INSTRUCTIONS TO FOLLOW:
Pictures are to be skipped. Retype exactly the lines from the top of the material through the one with "Modality: FLAIR", and only those.

EXTRACTED DATA:
++++
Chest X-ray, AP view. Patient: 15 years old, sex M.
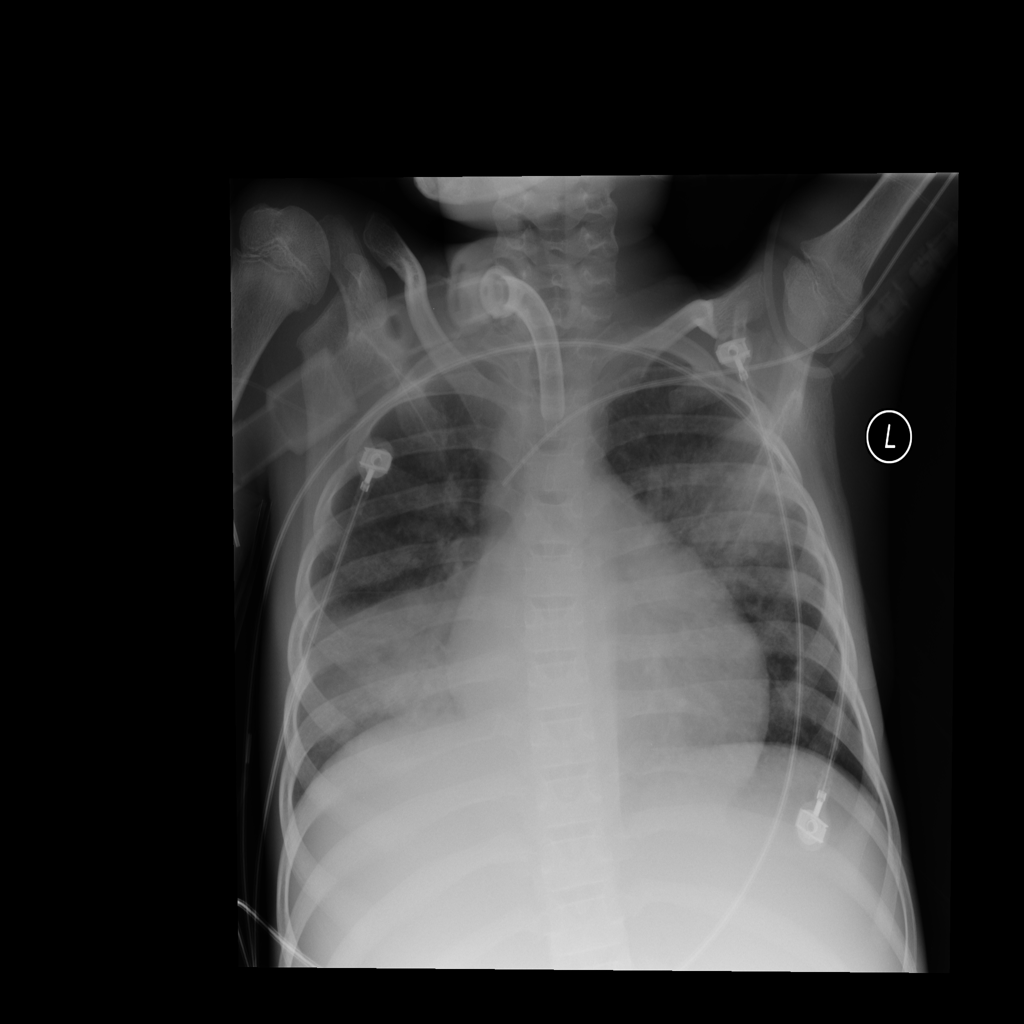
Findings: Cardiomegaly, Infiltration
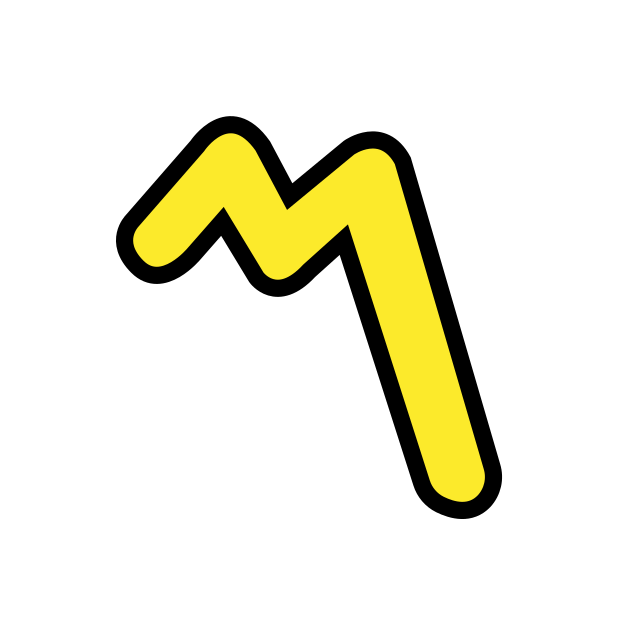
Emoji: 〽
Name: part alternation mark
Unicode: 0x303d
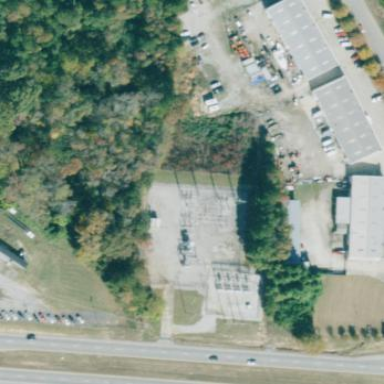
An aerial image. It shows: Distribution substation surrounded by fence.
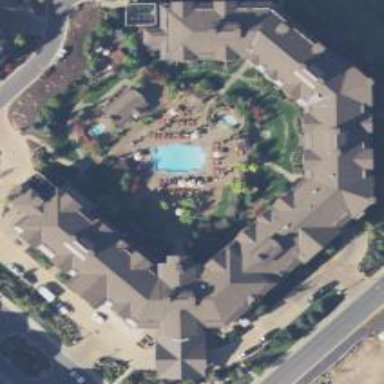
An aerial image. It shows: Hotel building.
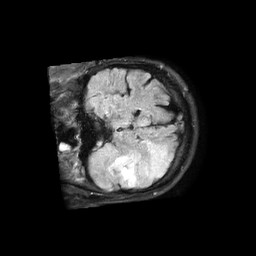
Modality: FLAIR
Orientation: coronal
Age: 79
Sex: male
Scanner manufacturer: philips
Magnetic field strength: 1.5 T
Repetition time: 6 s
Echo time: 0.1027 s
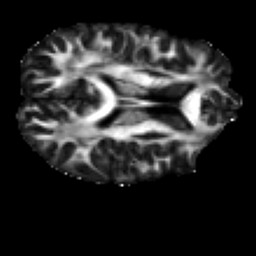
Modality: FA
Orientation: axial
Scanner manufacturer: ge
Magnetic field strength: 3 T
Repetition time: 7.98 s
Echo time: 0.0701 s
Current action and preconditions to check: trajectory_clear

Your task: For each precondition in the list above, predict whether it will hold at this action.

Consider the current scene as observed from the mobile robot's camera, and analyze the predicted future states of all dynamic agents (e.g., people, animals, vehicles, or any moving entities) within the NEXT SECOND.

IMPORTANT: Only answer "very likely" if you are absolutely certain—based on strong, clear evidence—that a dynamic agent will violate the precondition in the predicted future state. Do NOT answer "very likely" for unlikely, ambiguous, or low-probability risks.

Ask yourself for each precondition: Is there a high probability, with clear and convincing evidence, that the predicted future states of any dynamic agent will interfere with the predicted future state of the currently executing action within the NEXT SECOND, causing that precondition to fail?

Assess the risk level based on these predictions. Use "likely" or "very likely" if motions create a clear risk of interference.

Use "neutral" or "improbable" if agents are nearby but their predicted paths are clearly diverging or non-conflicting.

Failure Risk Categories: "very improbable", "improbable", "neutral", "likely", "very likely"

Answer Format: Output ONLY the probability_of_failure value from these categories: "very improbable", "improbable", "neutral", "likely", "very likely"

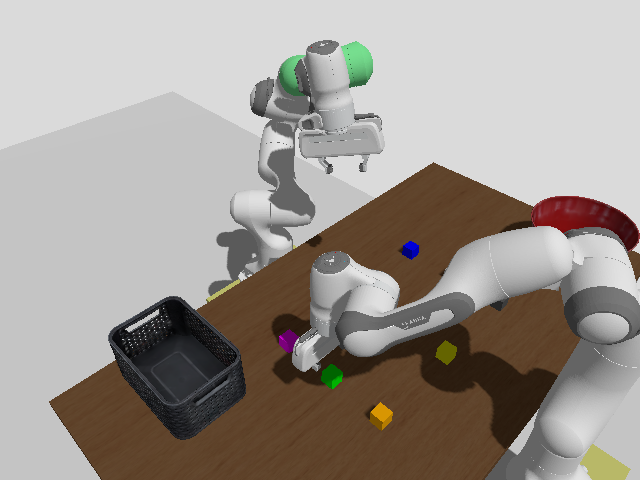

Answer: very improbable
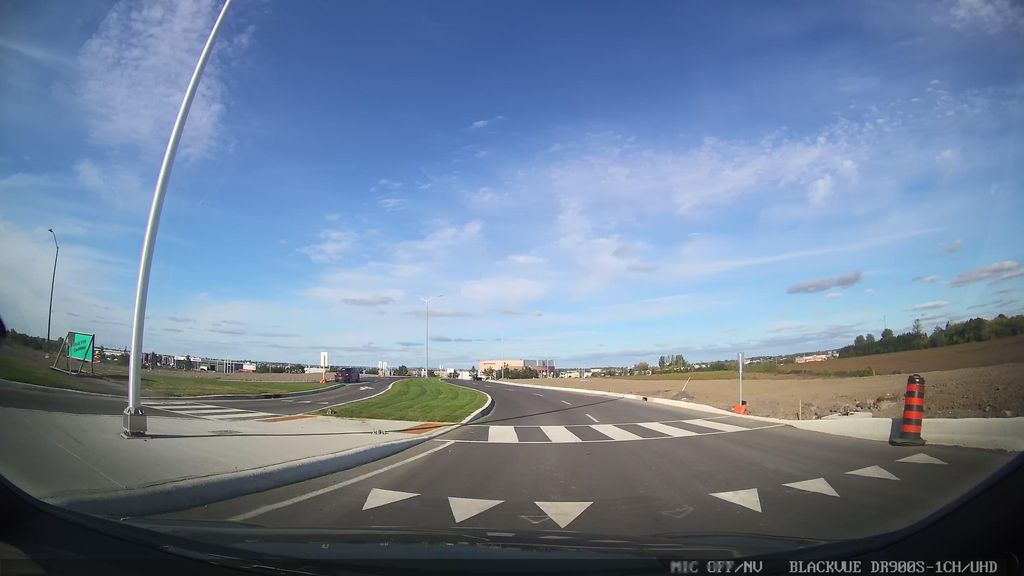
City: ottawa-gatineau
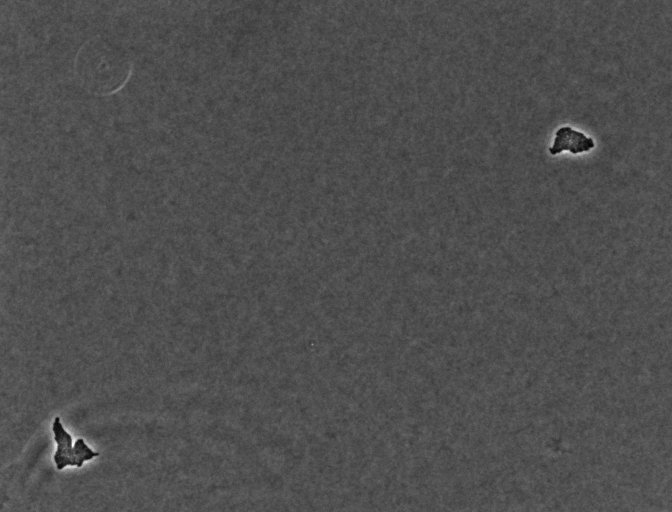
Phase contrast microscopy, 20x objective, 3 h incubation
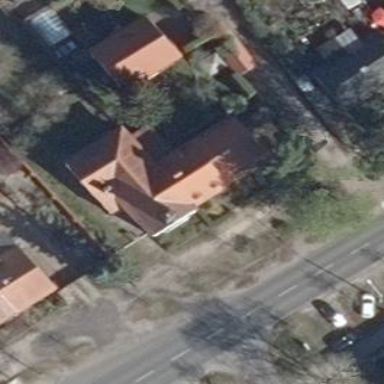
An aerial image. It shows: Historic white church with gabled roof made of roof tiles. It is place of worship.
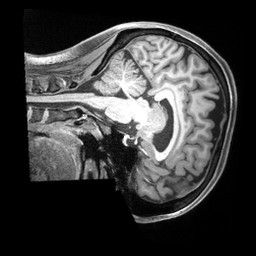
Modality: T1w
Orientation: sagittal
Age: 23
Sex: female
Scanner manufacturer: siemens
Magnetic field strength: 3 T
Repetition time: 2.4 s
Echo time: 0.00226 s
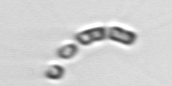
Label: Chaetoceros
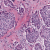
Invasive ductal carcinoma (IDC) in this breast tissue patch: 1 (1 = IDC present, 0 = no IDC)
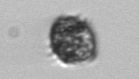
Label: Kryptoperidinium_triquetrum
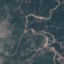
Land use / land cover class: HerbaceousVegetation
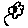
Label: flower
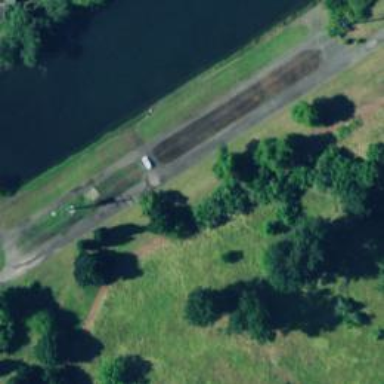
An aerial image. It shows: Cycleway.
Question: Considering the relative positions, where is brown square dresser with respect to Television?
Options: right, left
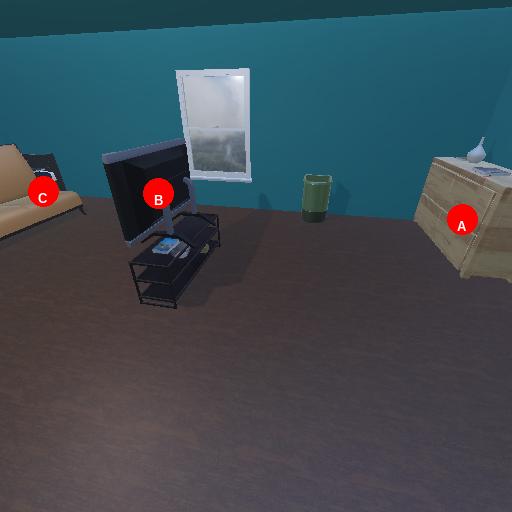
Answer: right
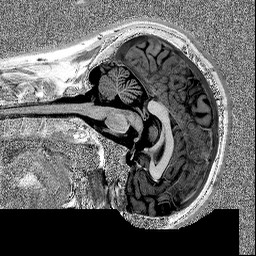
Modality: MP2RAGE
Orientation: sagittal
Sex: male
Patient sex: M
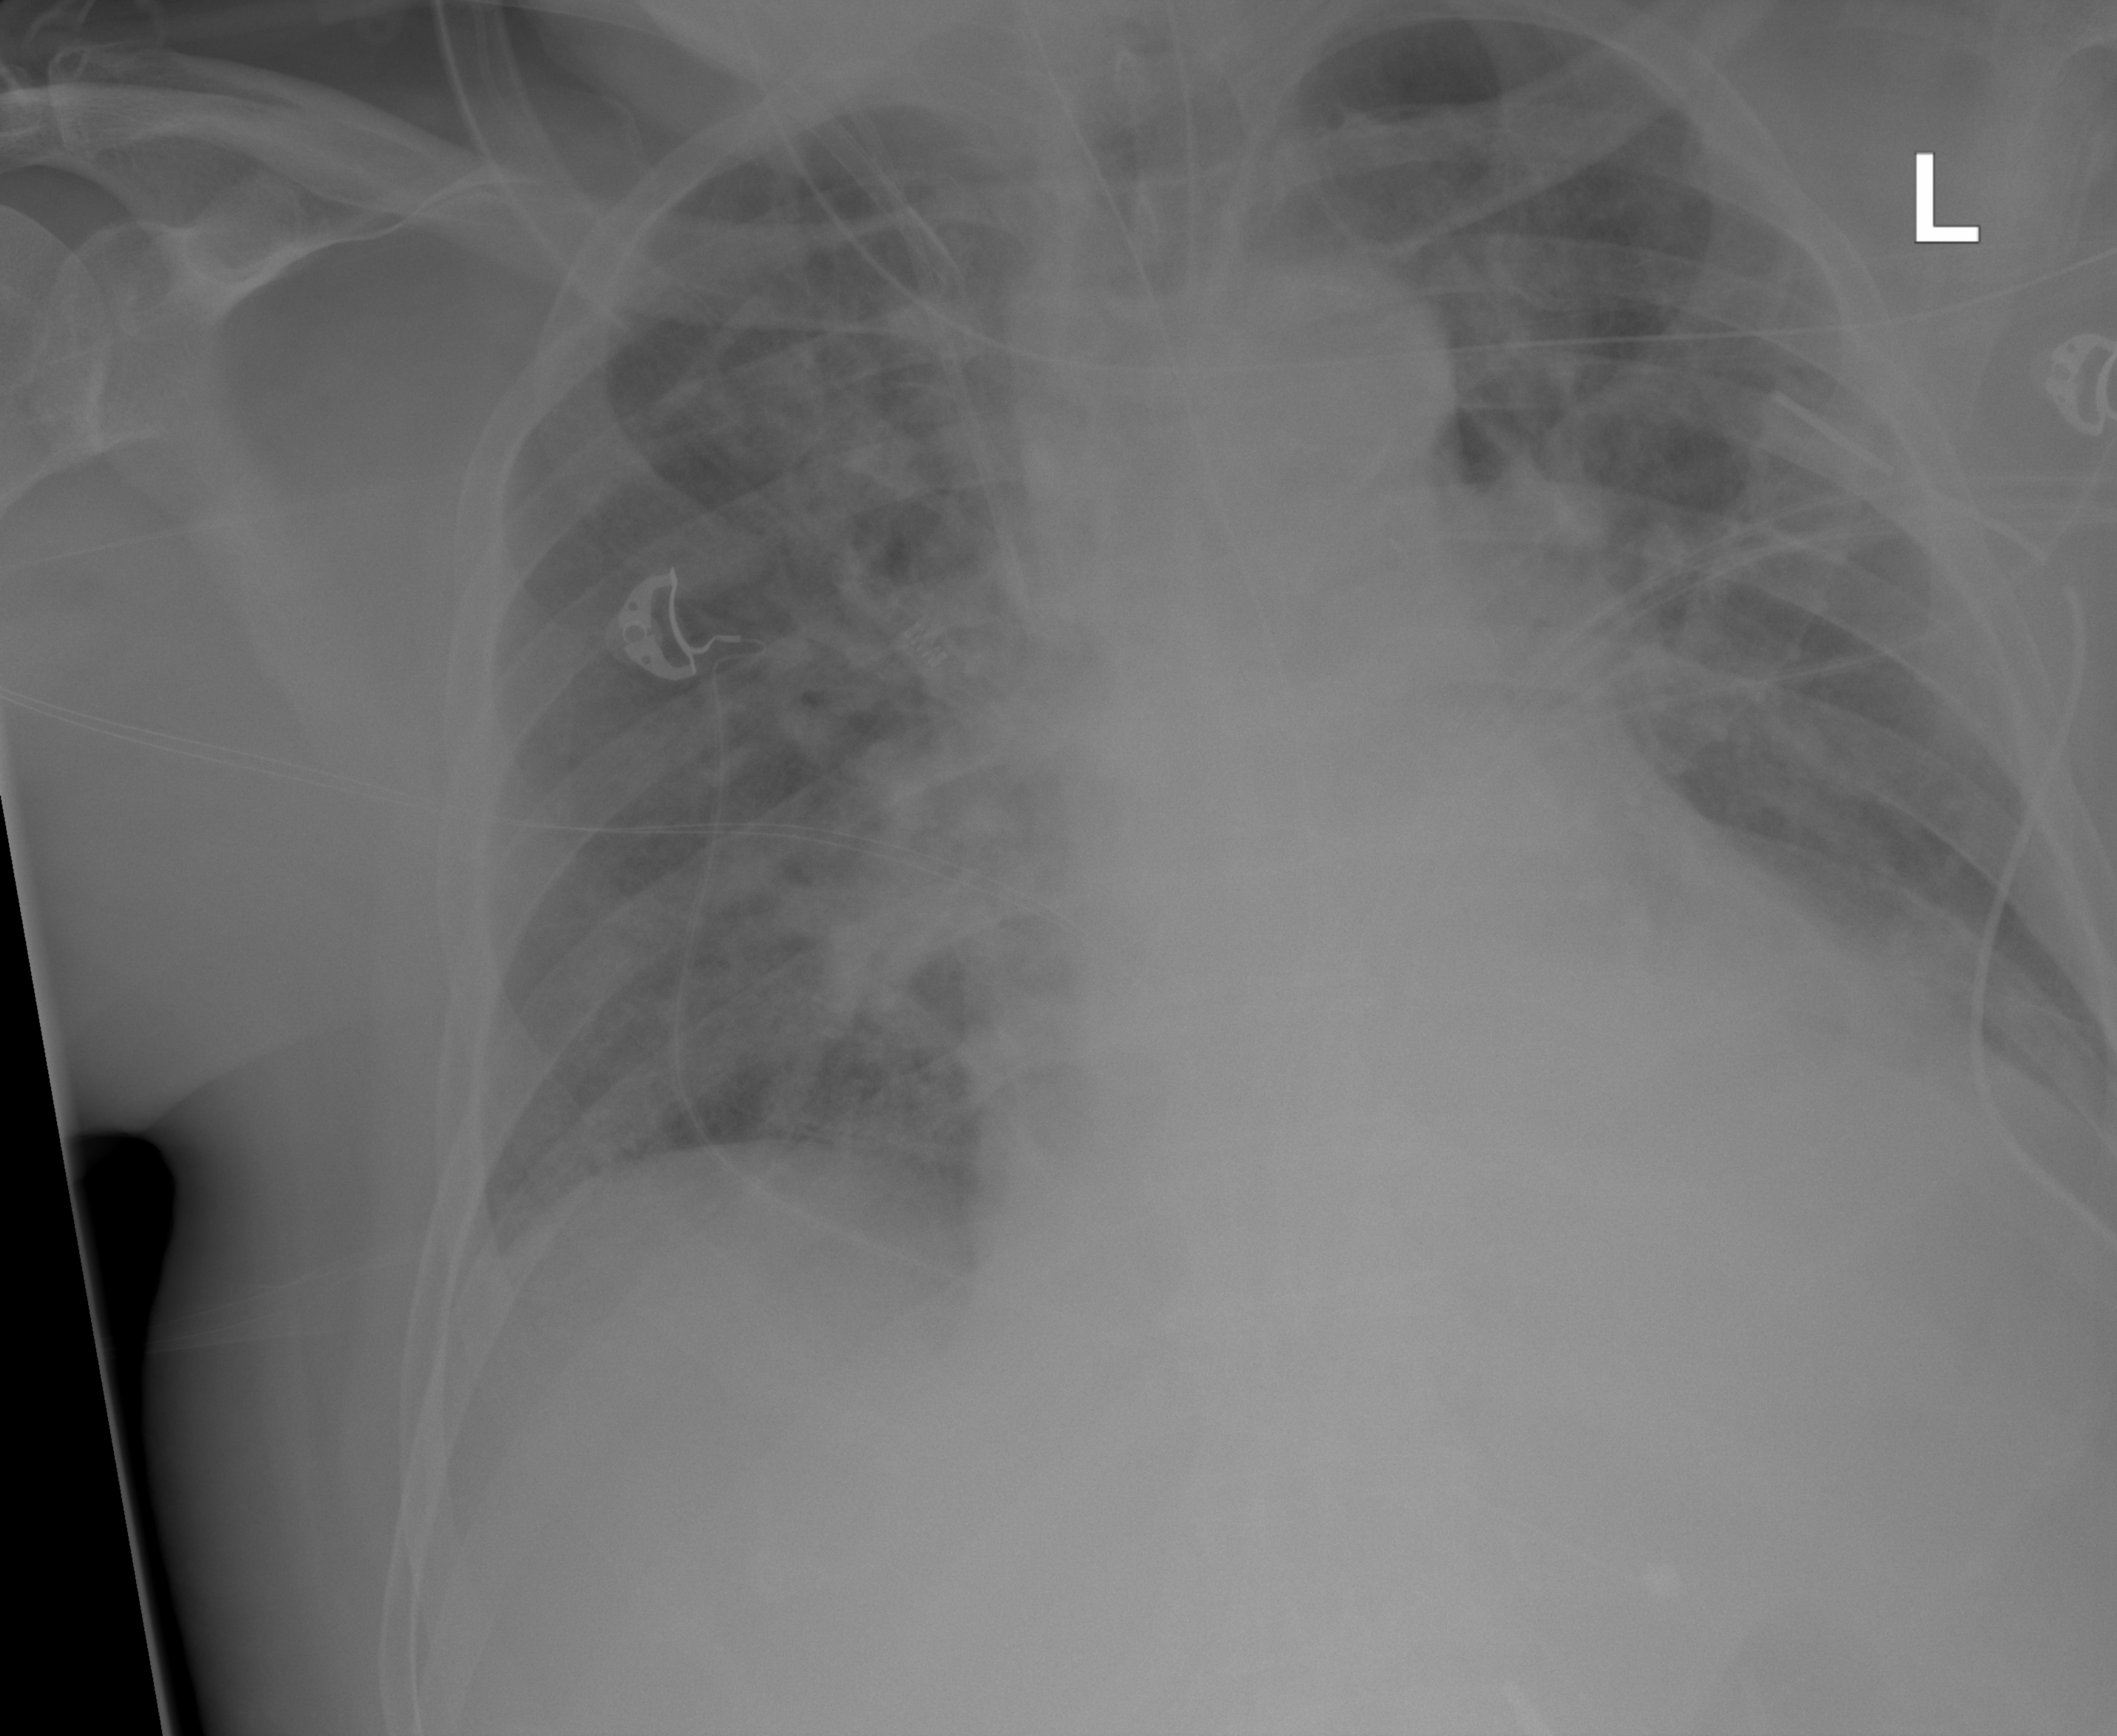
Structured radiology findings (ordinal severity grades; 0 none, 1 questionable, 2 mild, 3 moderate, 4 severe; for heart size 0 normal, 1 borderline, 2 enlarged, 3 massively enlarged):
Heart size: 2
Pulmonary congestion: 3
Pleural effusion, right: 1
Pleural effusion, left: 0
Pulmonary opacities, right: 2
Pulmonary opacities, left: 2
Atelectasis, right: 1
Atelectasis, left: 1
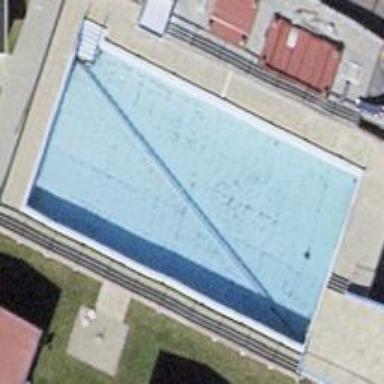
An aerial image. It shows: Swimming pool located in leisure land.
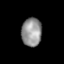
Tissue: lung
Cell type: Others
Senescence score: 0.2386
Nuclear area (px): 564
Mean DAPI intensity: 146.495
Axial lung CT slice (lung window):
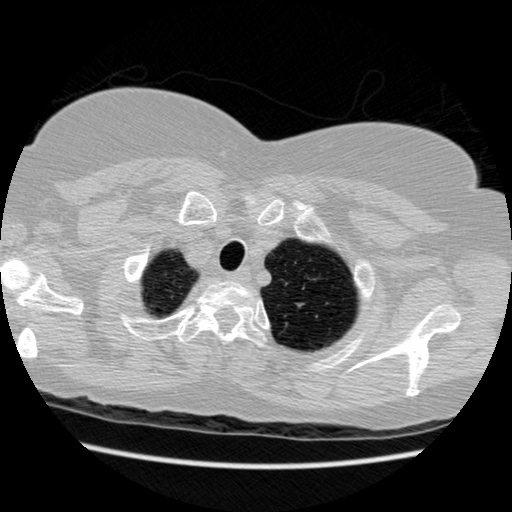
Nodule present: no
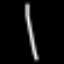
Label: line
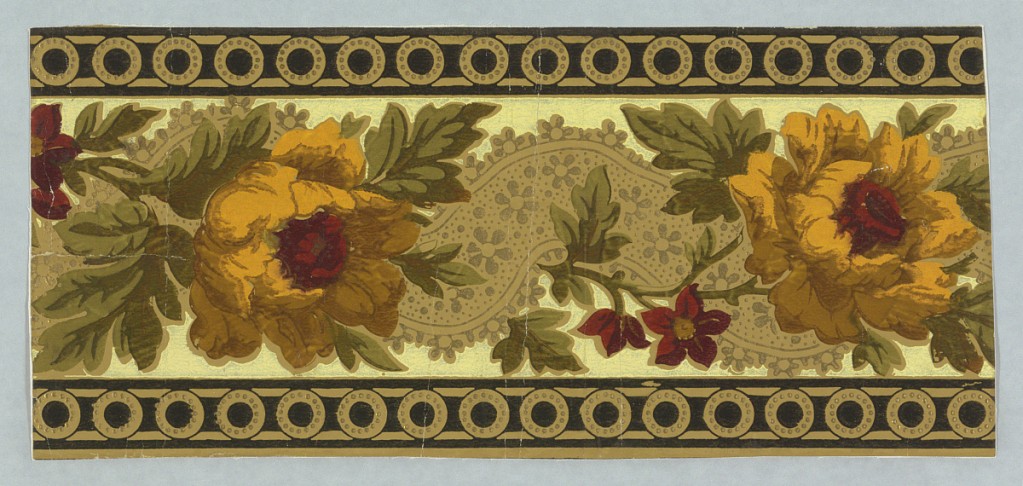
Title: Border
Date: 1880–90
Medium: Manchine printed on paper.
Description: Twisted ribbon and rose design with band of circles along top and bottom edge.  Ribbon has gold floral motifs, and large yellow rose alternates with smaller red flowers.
++++
OUTPUT:
Chest X-ray, AP view. Patient: 15 years old, sex M.
Findings: Cardiomegaly, Infiltration
Emoji: 〽
Name: part alternation mark
Unicode: 0x303d
An aerial image. It shows: Distribution substation surrounded by fence.
An aerial image. It shows: Hotel building.
Modality: FLAIR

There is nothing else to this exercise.